>>>

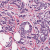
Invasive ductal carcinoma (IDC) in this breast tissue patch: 1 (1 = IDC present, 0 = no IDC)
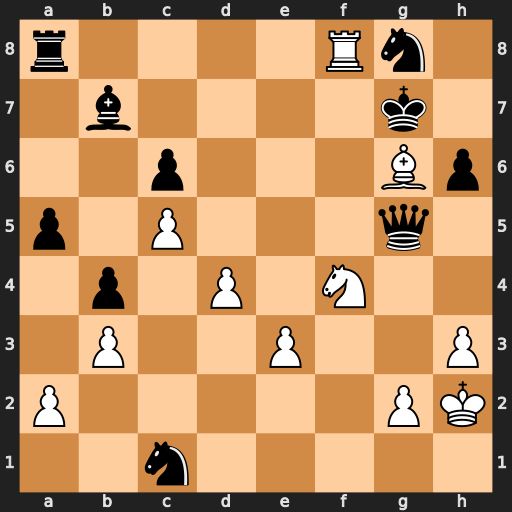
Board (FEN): r4Rn1/1b4k1/2p3Bp/p1P3q1/1p1P1N2/1P2P2P/P5PK/2n5
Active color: w
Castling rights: -
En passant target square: -
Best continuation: Rf7+ Kh8 Rh7#
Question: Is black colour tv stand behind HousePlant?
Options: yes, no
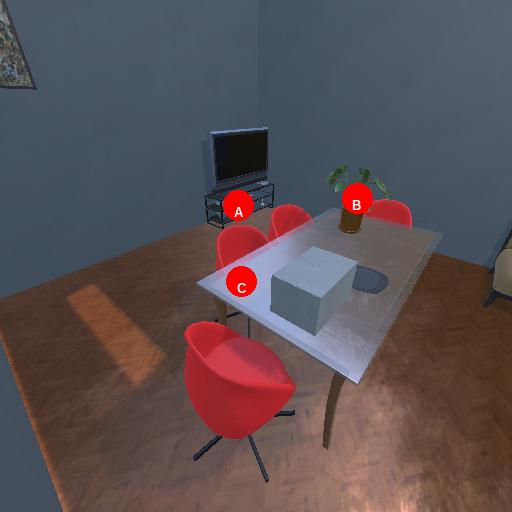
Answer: yes
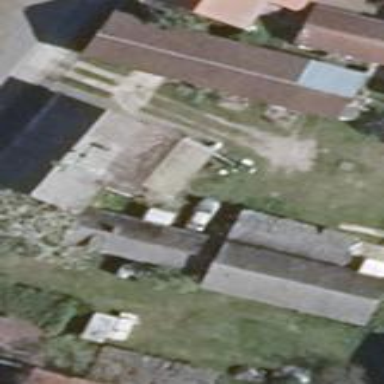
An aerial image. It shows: Flat-roofed grey house.
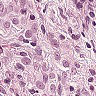
Metastatic tissue present: yes
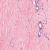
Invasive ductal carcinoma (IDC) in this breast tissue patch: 0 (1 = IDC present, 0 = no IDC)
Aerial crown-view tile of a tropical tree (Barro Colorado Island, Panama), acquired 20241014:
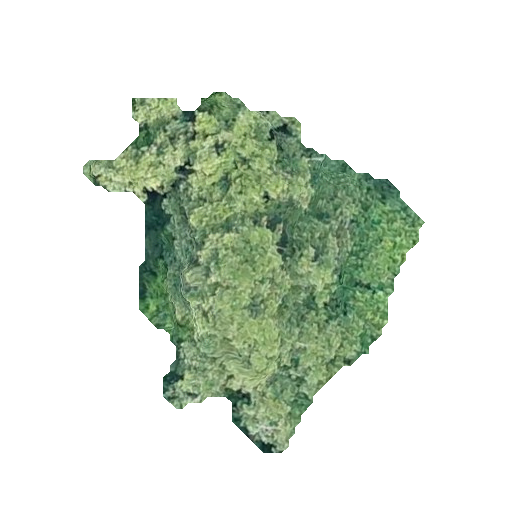
Species: Genipa americana
GBIF accepted scientific name: Genipa americana
Crown area: 106.834 m²
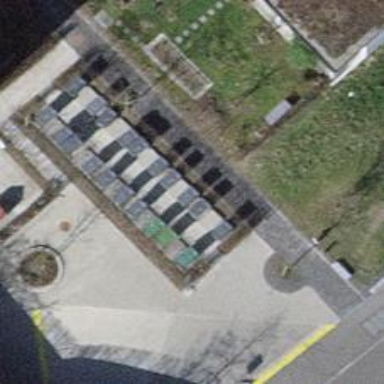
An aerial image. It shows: Waste disposal facility.
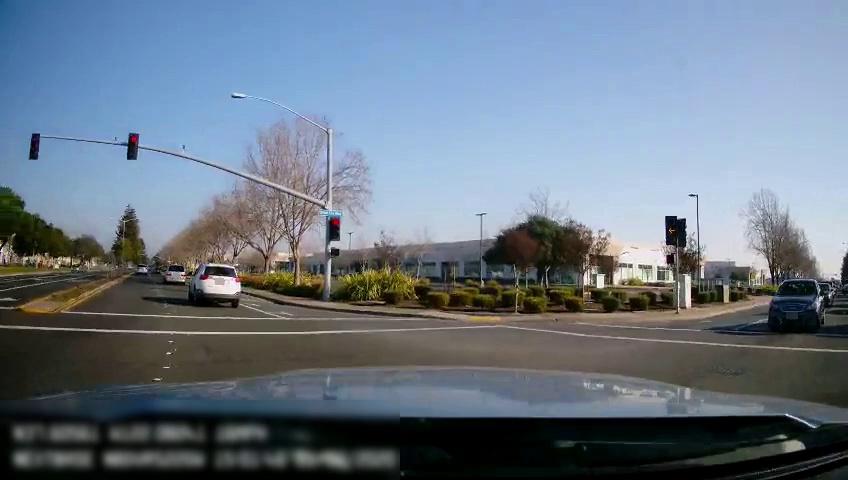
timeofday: Day
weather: Sunny
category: Drivable Space
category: Vehicles | SUV
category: Vehicles | SUV
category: Vehicles | SUV
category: Vehicles | Car
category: Vehicles | SUV
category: Vehicles | Car
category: Lanes | Current Lane
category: Lanes | Current Lane
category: Lanes | Opposite Lane
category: Lanes | Alternate Lane
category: Lanes | Opposite Lane
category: Lanes | Opposite Lane
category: Traffic | Lights
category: Traffic | Lights
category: Traffic | Lights
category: Traffic | Signs
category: Traffic | Lights
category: Traffic | Lights
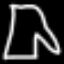
Label: pants
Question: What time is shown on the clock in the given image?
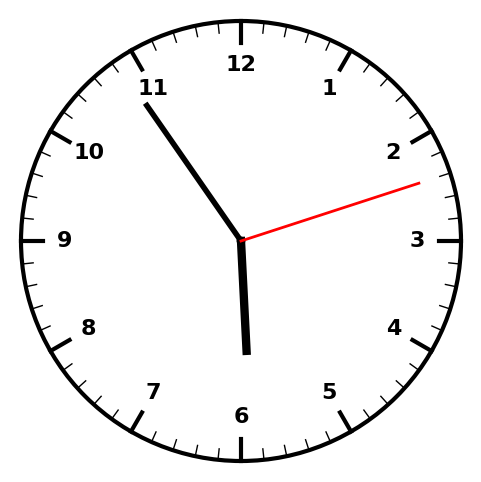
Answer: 05:54:12

<<<

*The task*.
This task calls for the records to be copied exactly, without pictures.

*Task output*.
Invasive ductal carcinoma (IDC) in this breast tissue patch: 1 (1 = IDC present, 0 = no IDC)
Board (FEN): r4Rn1/1b4k1/2p3Bp/p1P3q1/1p1P1N2/1P2P2P/P5PK/2n5
Active color: w
Castling rights: -
En passant target square: -
Best continuation: Rf7+ Kh8 Rh7#
Question: Is black colour tv stand behind HousePlant?
Options: yes, no
Answer: yes
An aerial image. It shows: Flat-roofed grey house.
Metastatic tissue present: yes
Invasive ductal carcinoma (IDC) in this breast tissue patch: 0 (1 = IDC present, 0 = no IDC)
Aerial crown-view tile of a tropical tree (Barro Colorado Island, Panama), acquired 20241014:
Species: Genipa americana
GBIF accepted scientific name: Genipa americana
Crown area: 106.834 m²
An aerial image. It shows: Waste disposal facility.
timeofday: Day
weather: Sunny
category: Drivable Space
category: Vehicles | SUV
category: Vehicles | SUV
category: Vehicles | SUV
category: Vehicles | Car
category: Vehicles | SUV
category: Vehicles | Car
category: Lanes | Current Lane
category: Lanes | Current Lane
category: Lanes | Opposite Lane
category: Lanes | Alternate Lane
category: Lanes | Opposite Lane
category: Lanes | Opposite Lane
category: Traffic | Lights
category: Traffic | Lights
category: Traffic | Lights
category: Traffic | Signs
category: Traffic | Lights
category: Traffic | Lights
Label: pants
Question: What time is shown on the clock in the given image?
Answer: 05:54:12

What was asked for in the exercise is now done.